Records from a dataset
==================================================

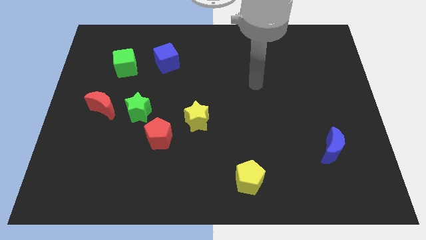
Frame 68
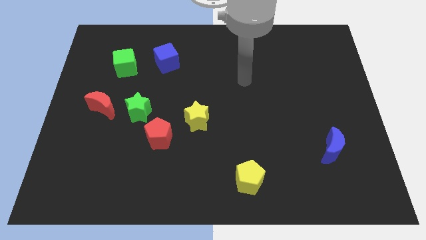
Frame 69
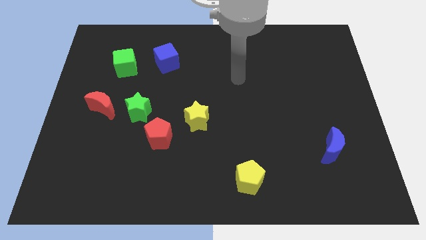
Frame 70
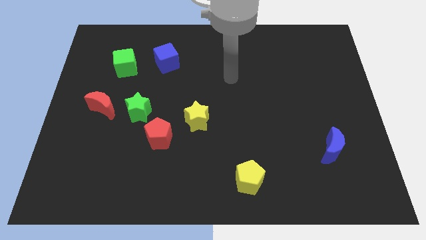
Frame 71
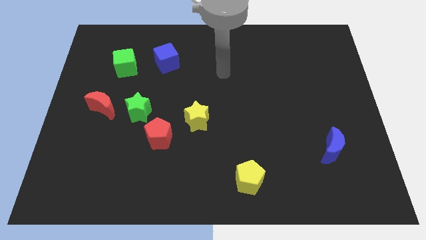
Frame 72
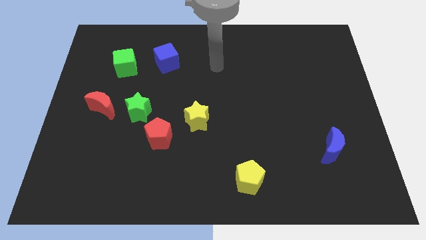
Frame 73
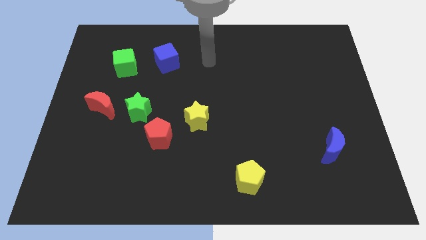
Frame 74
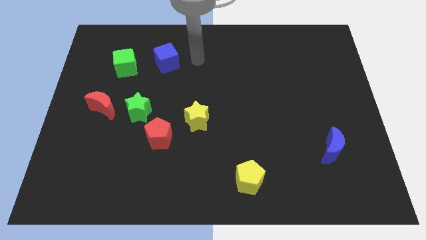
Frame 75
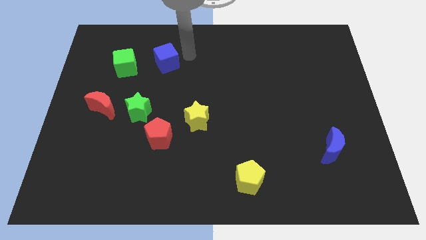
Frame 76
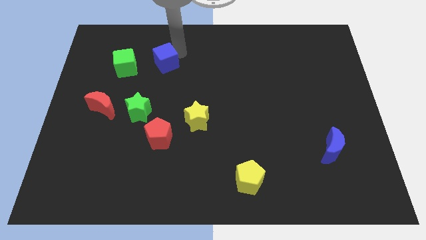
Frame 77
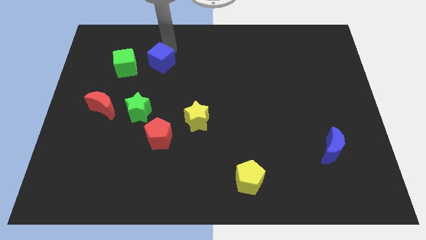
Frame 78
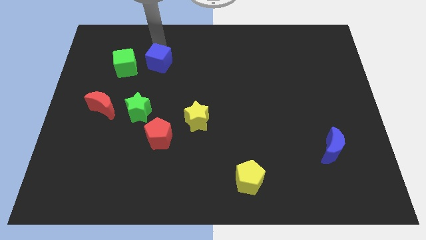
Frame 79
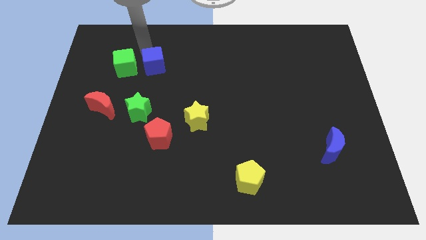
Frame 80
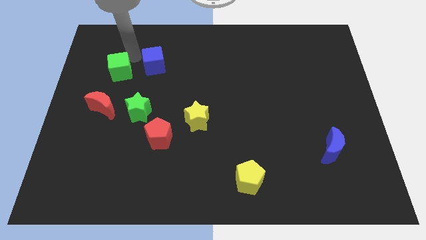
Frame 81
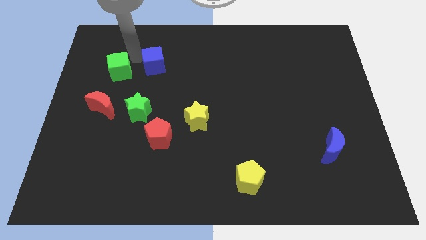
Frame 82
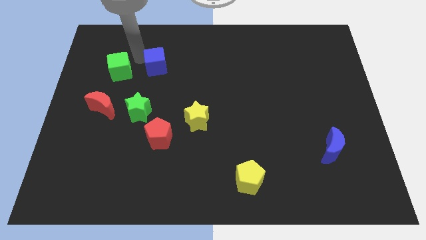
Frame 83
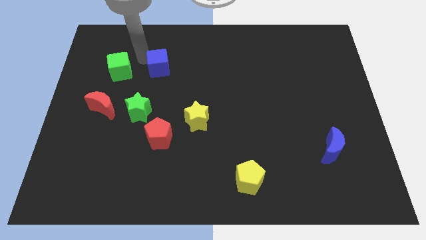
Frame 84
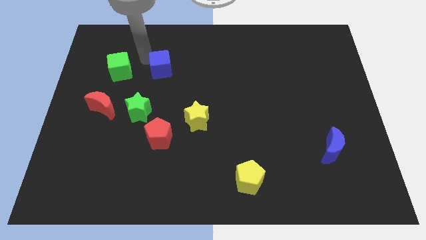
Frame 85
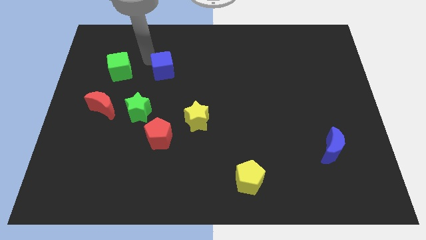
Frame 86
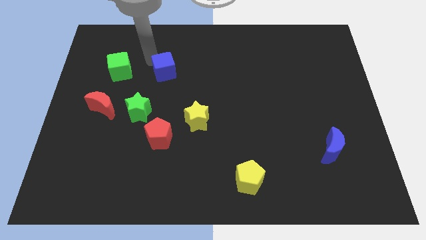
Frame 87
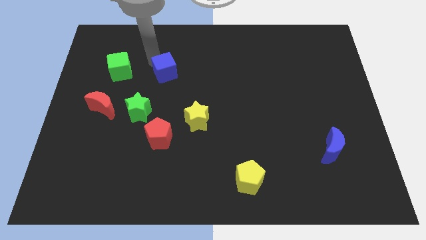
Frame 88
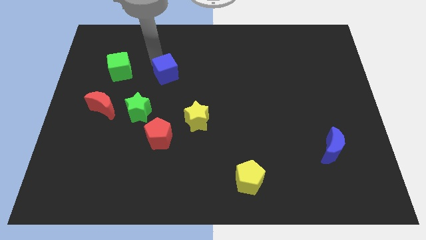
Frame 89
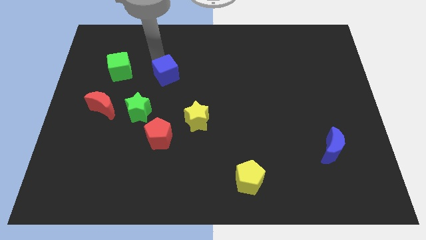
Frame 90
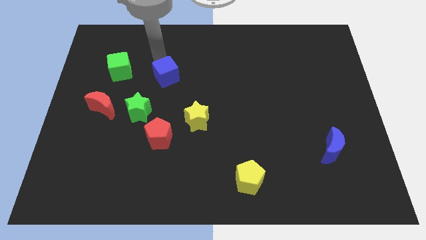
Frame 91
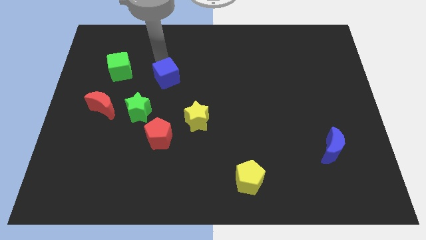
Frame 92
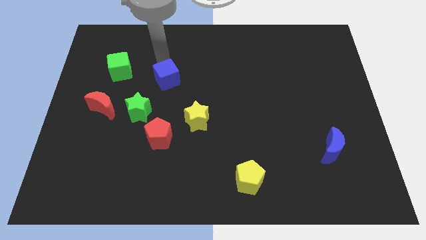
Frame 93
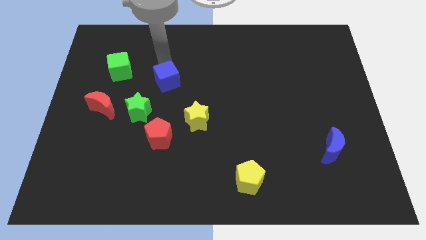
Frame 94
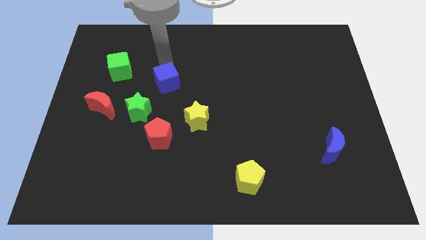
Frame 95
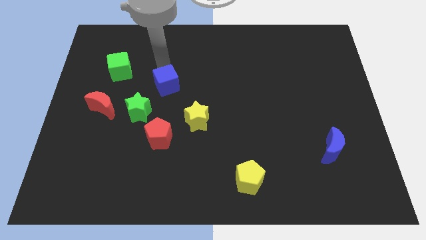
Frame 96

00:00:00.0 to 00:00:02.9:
put the blue cube to the middle of the board

==================================================

Task item: Repeat each entry exactly. Pictures do not belong in the copy.

Solution below:
Frame 68
Frame 69
Frame 70
Frame 71
Frame 72
Frame 73
Frame 74
Frame 75
Frame 76
Frame 77
Frame 78
Frame 79
Frame 80
Frame 81
Frame 82
Frame 83
Frame 84
Frame 85
Frame 86
Frame 87
Frame 88
Frame 89
Frame 90
Frame 91
Frame 92
Frame 93
Frame 94
Frame 95
Frame 96

00:00:00.0 to 00:00:02.9:
put the blue cube to the middle of the board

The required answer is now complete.